# Why Hanging Gags Are Dangerous



## MPowers (Nov 2, 2011)

This is why we say time and time again, Fake Hanging gags, fake Nooses, etc are just as dangerous as a loaded gun. Don't try this at home kids, let the pro's do it.

The second report says the girl will recover but she was VERY lucky.

Girl Accidentally Hangs Herself At Haunted House (VIDEO)

Report details Creepyworld employee in noose incident | ksdk.com


----------



## Toffee (Nov 4, 2011)

I hate hearing about stuff like this, I am glad she is ok.


----------



## MrsFooter (Nov 4, 2011)

I'm glad the girl is okay, and hopefully this incident will instill in her a healthy respect for stage props.

What I can't figure out is IF they were going to be using a prop noose that was going to go around someone's neck, why wasn't there some kind of safety break in the rope? Even my cats' collars have a breakaway clasp that will break if it gets caught on something.


----------



## Goph704 (Nov 4, 2011)

Is anyone else bothered by the phrase "living Prop?" 
I'd like to also throw in that way before 2009 the industry was aware of the harmful effects of hazers on Asthmatics. How are these guys slipping through the cracks like this?


----------



## jowens (Nov 4, 2011)

Certainly couldn't hurt to take a page from Mac... magsafe! Such a sad story. Certainly no professional theater riggers involved in this company.


----------



## MrsFooter (Nov 5, 2011)

Goph704 said:


> How are these guys slipping through the cracks like this?


 

jowens said:


> Certainly no professional theater riggers involved in this company.



And that's the answer to your question, Goph. These aren't professionals. They're in the same category as those idiots at churches who fly little girls 30' in the air without any professional rigging experience. They just think it's all about funny costumes and building sets, and let's put on a play! They don't have the respect for the potential for danger that those of us in the industry have. And unfortunately, innocent people keep getting hurt and dying because of their idiocy.

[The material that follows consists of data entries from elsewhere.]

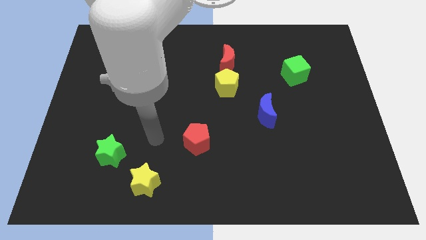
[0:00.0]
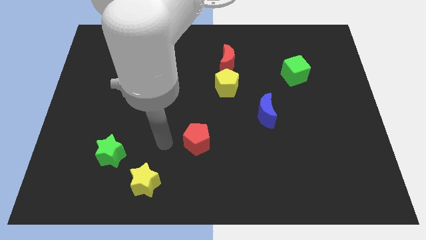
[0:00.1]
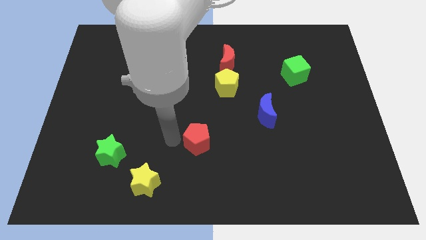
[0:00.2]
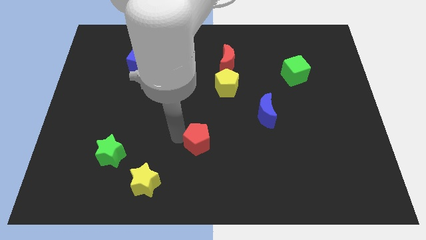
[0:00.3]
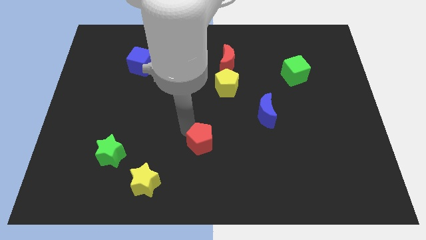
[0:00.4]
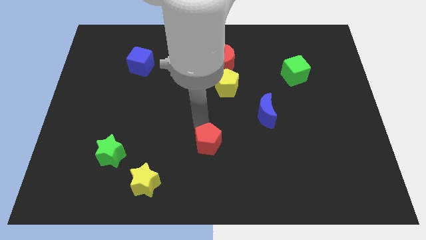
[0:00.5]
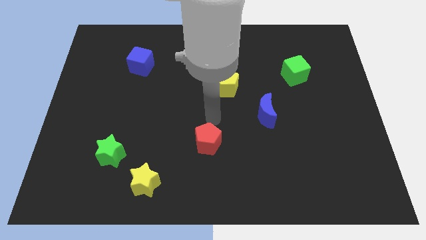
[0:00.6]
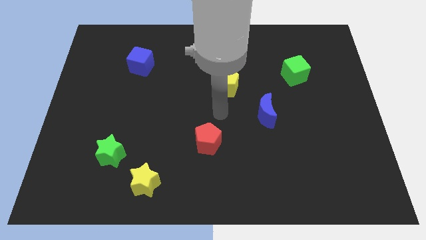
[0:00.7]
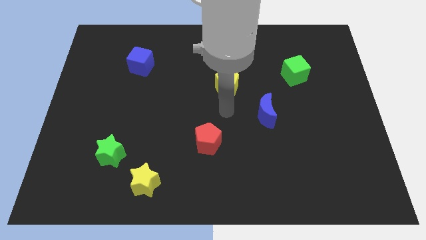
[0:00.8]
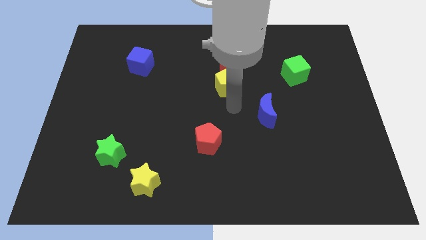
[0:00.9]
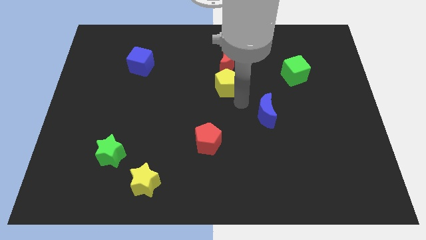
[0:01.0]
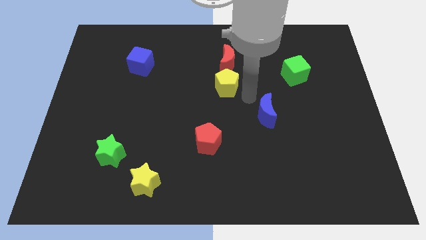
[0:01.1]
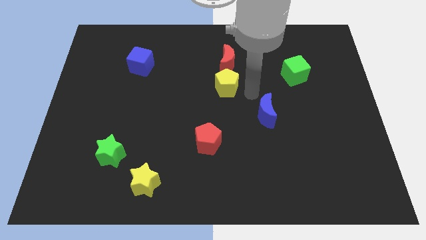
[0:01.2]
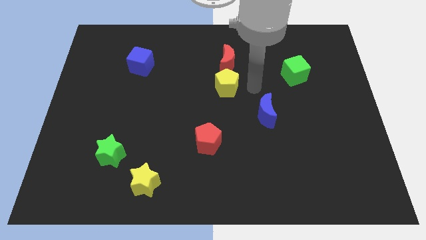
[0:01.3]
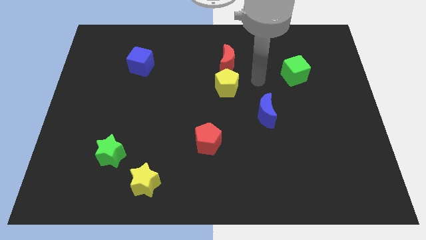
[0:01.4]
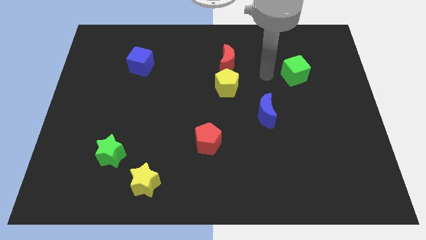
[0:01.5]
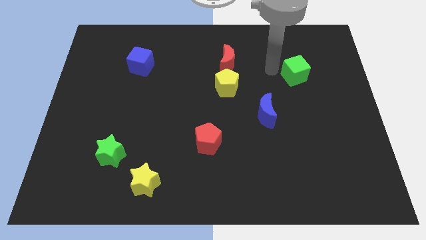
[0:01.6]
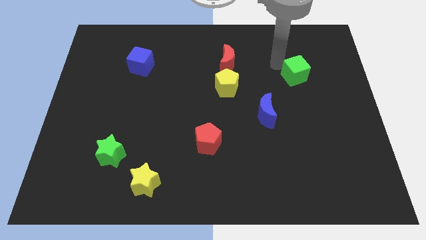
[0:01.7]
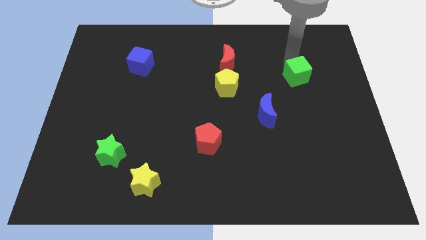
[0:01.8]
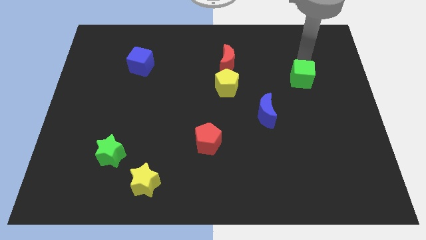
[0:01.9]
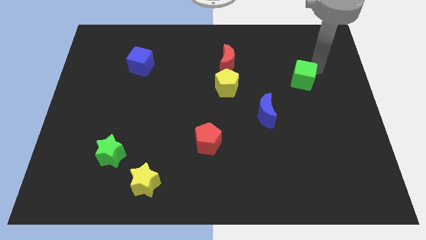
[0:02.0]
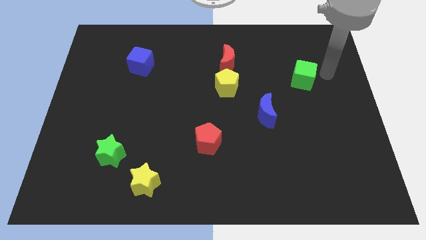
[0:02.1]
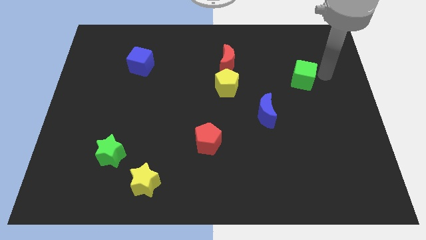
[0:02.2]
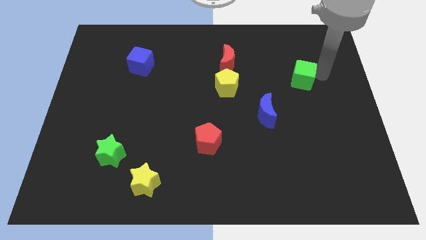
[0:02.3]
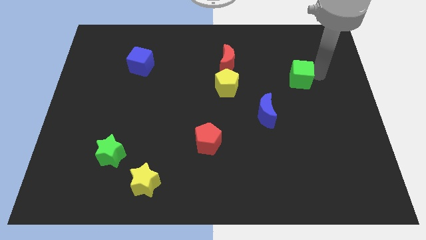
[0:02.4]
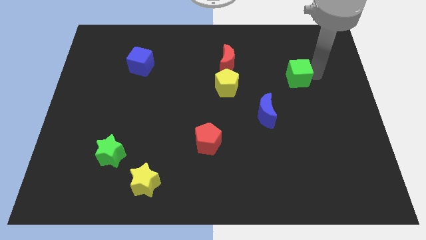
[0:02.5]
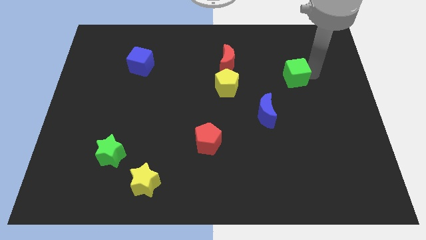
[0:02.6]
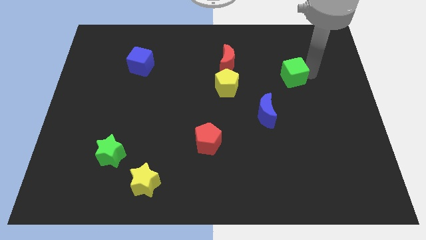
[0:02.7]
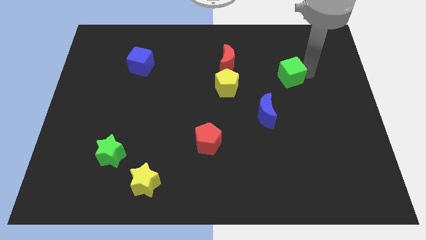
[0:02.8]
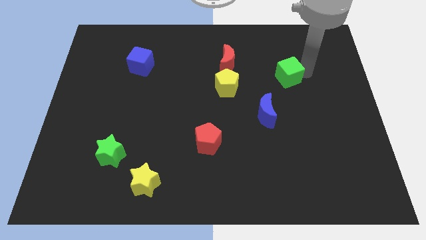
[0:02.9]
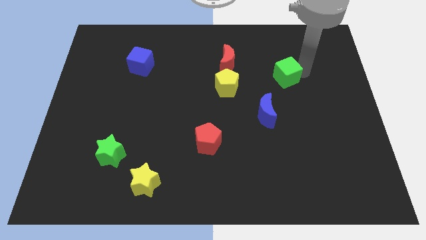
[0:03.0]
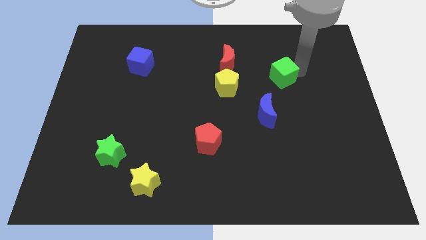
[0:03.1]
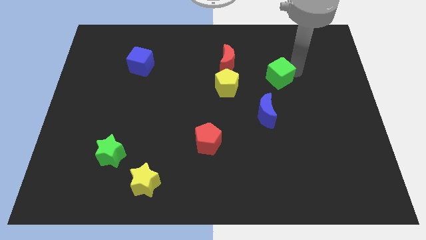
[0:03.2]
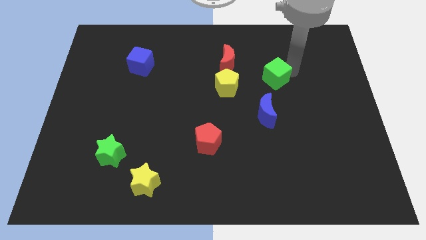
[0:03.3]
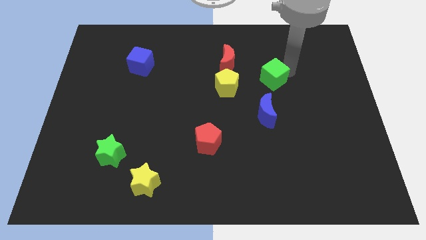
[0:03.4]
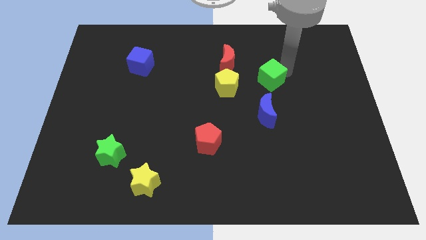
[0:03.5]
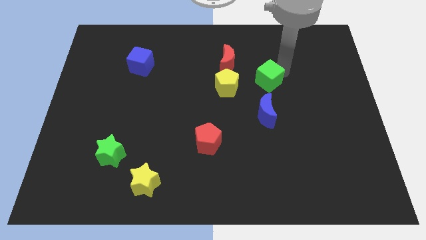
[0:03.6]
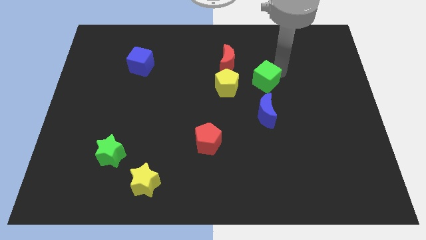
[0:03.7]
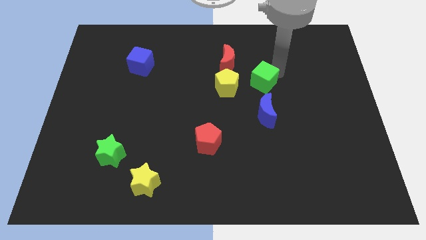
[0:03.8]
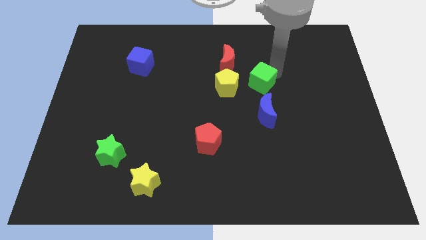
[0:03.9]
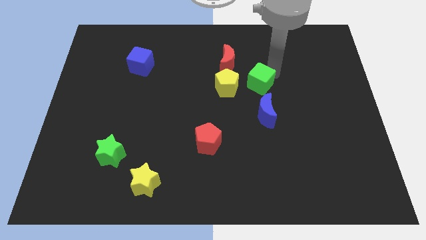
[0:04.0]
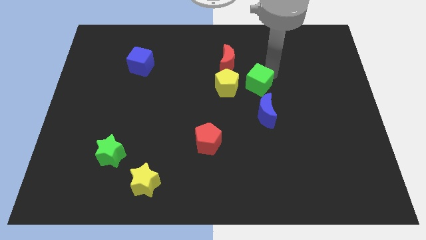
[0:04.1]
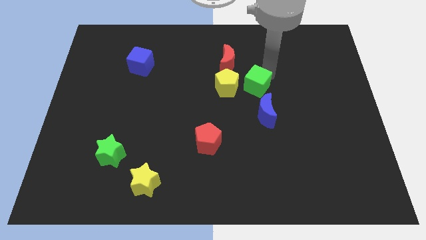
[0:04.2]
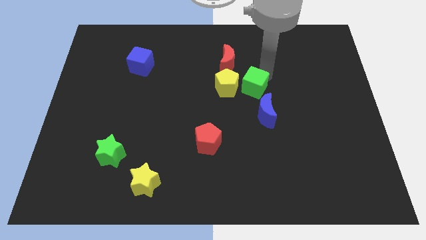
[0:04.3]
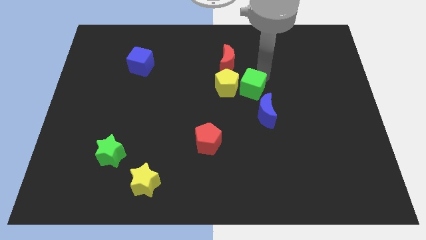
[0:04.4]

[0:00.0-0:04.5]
move the green cube to the bottom right of the yellow pentagon

The part that really makes me sick is that I betcha almost anything that, just as with the idiots who keep killing girls in churches, the incident will be called "a tragic accident" and the responsibility will never be placed on the shoulders of those who truly deserve it.


----------



## shiben (Nov 5, 2011)

MrsFooter said:


> What I can't figure out is IF they were going to be using a prop noose that was going to go around someone's neck, why wasn't there some kind of safety break in the rope? Even my cats' collars have a breakaway clasp that will break if it gets caught on something.


 
Im kind of unsure why they tied the noose properly if they were going to use it for this, even if your not having pros do the things (not recommending it, but people do that type of thing still) one would think someone would have thought of this possibly being a problem...


----------



## What Rigger? (Nov 18, 2011)

shiben said:


> Im kind of unsure why they tied the noose properly if they were going to use it for this, even if your not having pros do the things (not recommending it, but people do that type of thing still) one would think someone would have thought of this possibly being a problem...


 
"What could go wrong? It'll be fine, stop worrying" is the overwhelming protocol in these situations. Guarantee it. Seen it in person.

Also? There's a really safe, really convincing way to hang people. I've done a few of them myself (wait for it!) *while working for a professional flying FX company using professional gear!*

I know some people get tired of hearing that, but obviously it bears repeating. I'll give y'all this little bit of insight: the noose in a true hanging gag is NEVER real and NEVR built to bear a load. IT IS AN ILLUSION. Duh.


----------



## shiben (Nov 18, 2011)

What Rigger? said:


> "What could go wrong? It'll be fine, stop worrying" is the overwhelming protocol in these situations. Guarantee it. Seen it in person.
> 
> Also? There's a really safe, really convincing way to hang people. I've done a few of them myself (wait for it!) *while working for a professional flying FX company using professional gear!*
> 
> I know some people get tired of hearing that, but obviously it bears repeating. I'll give y'all this little bit of insight: the noose in a true hanging gag is NEVER real and NEVR built to bear a load. IT IS AN ILLUSION. Duh.


 
And funny thing, they intend the real ones to do what to people? I believe it has something to do with snapping necks, but its a bit antiquated in the west to hang people...


----------



## What Rigger? (Nov 23, 2011)

Except around Halloween...and they do it very well in Buena Park, Ca.


----------